Everything in the data below is left aside except the lines from the one containing "བྱའོ། གཏོར་འཕང་བའི་དུས་ཡིན་ན། དྲུག་པ་གཏོར་ཟོར་ནི།" through the one containing "ཡིན་ཀྱང་། འདི་"; repeat those exactly.
......
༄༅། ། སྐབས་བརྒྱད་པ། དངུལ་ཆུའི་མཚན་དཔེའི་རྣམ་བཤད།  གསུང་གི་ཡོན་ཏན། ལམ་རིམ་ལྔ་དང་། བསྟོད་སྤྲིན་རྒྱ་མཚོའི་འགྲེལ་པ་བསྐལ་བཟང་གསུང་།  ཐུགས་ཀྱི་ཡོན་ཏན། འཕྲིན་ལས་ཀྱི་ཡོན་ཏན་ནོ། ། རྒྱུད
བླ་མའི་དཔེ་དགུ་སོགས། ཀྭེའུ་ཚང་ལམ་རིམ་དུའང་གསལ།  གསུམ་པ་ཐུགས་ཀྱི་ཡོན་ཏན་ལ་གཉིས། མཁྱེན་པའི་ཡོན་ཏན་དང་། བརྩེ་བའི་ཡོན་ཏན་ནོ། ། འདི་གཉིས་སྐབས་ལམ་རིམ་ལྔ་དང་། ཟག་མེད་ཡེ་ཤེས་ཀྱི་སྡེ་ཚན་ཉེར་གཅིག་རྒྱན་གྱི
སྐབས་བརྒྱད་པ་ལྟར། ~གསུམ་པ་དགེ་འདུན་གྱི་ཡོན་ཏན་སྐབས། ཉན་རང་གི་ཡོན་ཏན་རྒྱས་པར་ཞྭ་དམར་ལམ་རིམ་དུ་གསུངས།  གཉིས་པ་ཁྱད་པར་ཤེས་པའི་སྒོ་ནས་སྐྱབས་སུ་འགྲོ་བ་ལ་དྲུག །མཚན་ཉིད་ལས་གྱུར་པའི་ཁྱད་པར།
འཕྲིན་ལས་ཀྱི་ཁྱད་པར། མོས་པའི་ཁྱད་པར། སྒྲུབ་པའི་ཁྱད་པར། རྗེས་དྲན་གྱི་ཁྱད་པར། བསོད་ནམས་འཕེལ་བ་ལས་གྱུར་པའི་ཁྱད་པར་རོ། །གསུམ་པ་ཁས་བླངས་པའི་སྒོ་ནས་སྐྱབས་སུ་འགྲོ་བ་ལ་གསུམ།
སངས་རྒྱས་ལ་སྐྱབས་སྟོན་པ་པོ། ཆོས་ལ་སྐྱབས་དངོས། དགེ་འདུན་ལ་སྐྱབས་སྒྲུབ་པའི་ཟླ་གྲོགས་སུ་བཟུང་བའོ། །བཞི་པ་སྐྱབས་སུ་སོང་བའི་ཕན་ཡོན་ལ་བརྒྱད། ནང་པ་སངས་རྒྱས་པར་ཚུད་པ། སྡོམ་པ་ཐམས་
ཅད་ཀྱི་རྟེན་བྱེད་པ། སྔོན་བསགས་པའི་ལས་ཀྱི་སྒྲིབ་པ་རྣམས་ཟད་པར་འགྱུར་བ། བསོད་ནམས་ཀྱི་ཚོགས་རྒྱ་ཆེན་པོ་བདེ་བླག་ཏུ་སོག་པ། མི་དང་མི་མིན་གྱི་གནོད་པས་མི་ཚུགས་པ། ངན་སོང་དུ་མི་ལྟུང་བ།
......
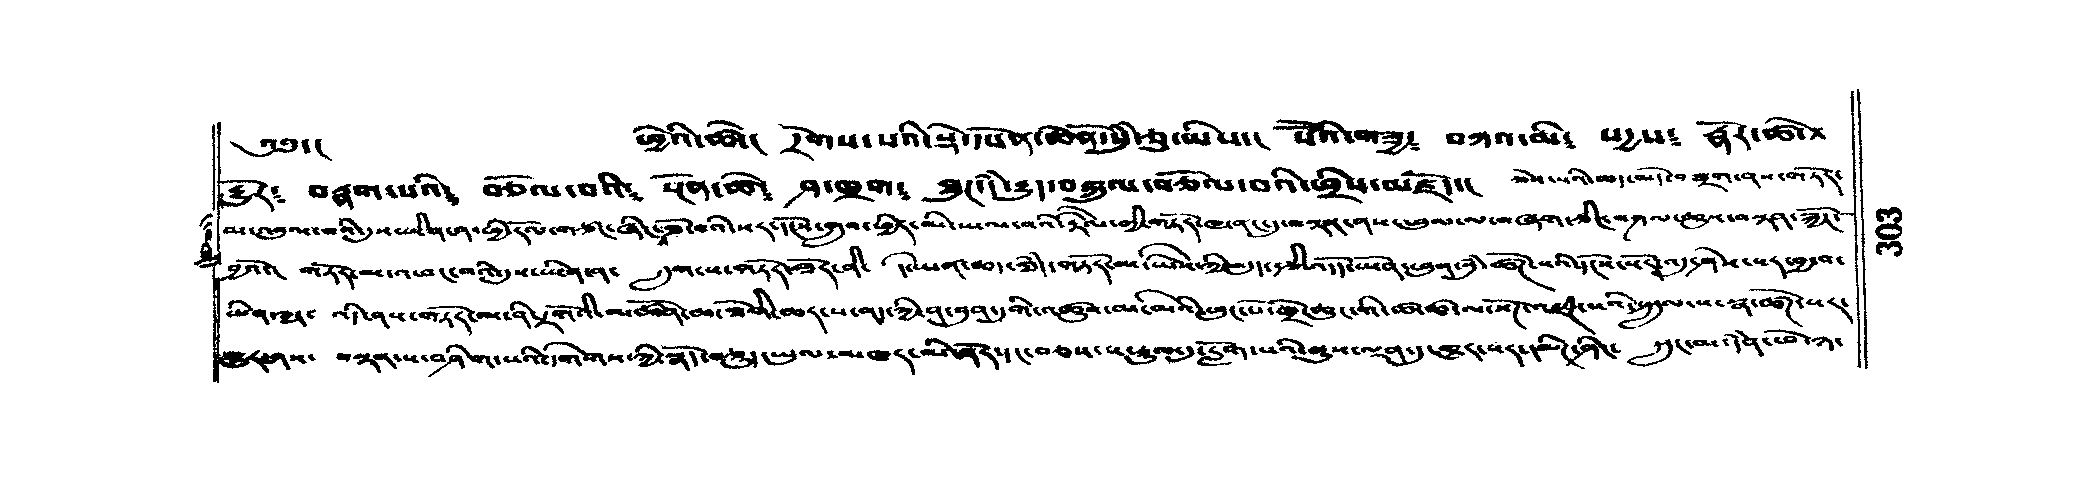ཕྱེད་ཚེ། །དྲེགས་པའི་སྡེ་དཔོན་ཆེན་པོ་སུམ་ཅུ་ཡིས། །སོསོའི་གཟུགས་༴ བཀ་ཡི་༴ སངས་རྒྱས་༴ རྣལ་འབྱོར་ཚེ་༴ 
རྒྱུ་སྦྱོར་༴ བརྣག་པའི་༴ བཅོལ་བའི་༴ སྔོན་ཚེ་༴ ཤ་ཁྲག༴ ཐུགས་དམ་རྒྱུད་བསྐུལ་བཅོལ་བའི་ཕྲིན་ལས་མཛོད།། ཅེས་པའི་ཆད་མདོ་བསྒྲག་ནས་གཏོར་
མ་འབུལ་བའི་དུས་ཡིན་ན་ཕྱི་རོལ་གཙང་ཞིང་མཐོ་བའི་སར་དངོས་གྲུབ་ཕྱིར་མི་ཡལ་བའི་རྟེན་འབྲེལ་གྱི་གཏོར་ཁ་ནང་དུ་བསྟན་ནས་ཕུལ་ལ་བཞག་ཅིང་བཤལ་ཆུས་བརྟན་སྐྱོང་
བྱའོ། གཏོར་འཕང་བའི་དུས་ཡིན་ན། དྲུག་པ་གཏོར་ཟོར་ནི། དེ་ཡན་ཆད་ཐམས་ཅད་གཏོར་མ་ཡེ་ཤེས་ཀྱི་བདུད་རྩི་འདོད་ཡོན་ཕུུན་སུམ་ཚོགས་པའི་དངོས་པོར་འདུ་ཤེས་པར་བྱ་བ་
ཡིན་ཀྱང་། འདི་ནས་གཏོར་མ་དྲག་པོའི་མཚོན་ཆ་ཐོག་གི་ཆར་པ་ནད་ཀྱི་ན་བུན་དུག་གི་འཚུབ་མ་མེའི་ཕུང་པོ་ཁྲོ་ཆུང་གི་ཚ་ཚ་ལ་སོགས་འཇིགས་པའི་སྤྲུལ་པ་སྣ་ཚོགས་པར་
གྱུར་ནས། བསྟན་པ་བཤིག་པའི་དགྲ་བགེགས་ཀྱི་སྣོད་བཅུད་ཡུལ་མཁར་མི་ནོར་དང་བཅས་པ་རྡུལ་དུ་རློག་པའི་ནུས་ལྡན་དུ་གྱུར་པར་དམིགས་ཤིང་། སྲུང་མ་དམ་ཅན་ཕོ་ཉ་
......
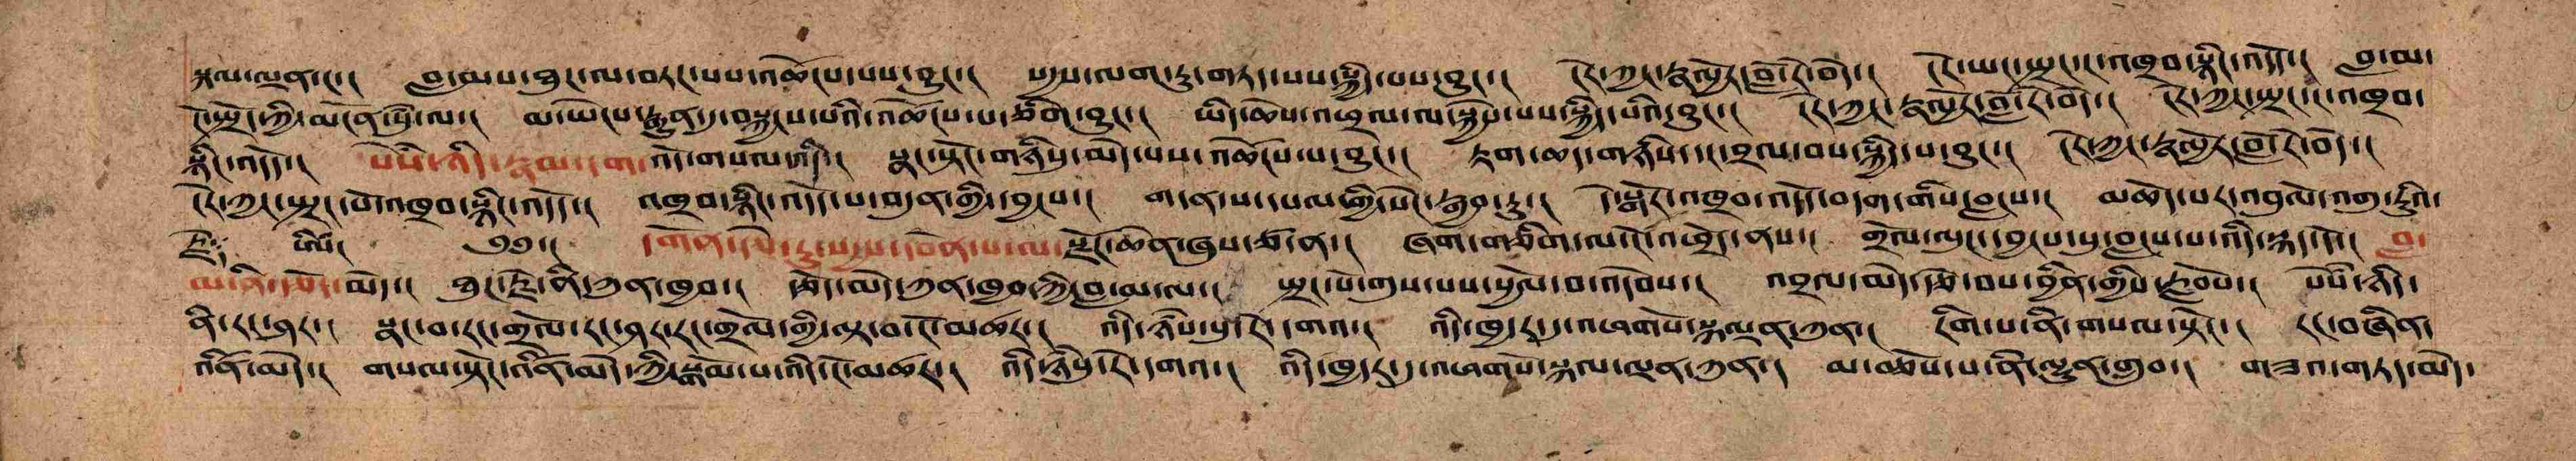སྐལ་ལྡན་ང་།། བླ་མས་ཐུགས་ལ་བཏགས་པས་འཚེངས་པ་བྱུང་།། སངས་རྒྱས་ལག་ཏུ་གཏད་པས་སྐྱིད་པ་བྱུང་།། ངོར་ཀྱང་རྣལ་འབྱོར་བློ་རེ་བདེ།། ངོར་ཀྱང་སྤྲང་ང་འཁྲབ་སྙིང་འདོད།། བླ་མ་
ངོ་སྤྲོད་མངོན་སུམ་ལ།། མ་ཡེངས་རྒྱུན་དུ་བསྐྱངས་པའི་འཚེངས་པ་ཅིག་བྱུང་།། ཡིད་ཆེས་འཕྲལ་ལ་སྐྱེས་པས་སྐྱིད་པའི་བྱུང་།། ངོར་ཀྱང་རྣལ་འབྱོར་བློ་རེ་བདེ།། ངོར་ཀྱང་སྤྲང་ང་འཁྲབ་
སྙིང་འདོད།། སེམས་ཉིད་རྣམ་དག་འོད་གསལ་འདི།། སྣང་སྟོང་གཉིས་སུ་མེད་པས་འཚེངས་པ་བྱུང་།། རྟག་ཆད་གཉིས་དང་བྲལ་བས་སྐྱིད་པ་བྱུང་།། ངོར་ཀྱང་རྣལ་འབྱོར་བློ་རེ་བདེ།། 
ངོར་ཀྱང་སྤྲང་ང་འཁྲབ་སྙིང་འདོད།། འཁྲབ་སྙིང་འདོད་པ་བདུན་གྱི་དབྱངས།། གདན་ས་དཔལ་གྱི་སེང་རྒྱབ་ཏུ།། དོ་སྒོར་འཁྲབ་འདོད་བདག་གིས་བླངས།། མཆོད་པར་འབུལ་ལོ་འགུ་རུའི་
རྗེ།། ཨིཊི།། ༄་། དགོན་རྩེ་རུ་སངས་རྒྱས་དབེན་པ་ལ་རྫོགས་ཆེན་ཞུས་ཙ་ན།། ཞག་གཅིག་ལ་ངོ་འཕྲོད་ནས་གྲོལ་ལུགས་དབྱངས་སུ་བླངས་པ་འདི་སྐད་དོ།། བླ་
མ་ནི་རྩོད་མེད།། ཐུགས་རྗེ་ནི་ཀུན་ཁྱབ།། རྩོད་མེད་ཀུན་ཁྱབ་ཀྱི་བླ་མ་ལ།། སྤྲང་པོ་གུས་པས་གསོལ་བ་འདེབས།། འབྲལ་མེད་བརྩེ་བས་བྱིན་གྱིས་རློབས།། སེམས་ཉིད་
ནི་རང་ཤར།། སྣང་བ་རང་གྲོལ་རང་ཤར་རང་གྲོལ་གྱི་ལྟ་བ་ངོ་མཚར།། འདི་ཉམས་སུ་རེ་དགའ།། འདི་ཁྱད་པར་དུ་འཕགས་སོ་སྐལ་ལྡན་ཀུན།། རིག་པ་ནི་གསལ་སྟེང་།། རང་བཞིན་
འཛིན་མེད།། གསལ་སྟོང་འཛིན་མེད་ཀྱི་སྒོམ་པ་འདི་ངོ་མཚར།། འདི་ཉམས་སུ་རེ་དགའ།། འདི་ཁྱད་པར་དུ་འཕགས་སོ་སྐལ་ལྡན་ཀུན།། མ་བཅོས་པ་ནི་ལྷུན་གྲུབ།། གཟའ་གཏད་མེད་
......
Result of this task:
བྱའོ། གཏོར་འཕང་བའི་དུས་ཡིན་ན། དྲུག་པ་གཏོར་ཟོར་ནི། དེ་ཡན་ཆད་ཐམས་ཅད་གཏོར་མ་ཡེ་ཤེས་ཀྱི་བདུད་རྩི་འདོད་ཡོན་ཕུུན་སུམ་ཚོགས་པའི་དངོས་པོར་འདུ་ཤེས་པར་བྱ་བ་
ཡིན་ཀྱང་། འདི་ནས་གཏོར་མ་དྲག་པོའི་མཚོན་ཆ་ཐོག་གི་ཆར་པ་ནད་ཀྱི་ན་བུན་དུག་གི་འཚུབ་མ་མེའི་ཕུང་པོ་ཁྲོ་ཆུང་གི་ཚ་ཚ་ལ་སོགས་འཇིགས་པའི་སྤྲུལ་པ་སྣ་ཚོགས་པར་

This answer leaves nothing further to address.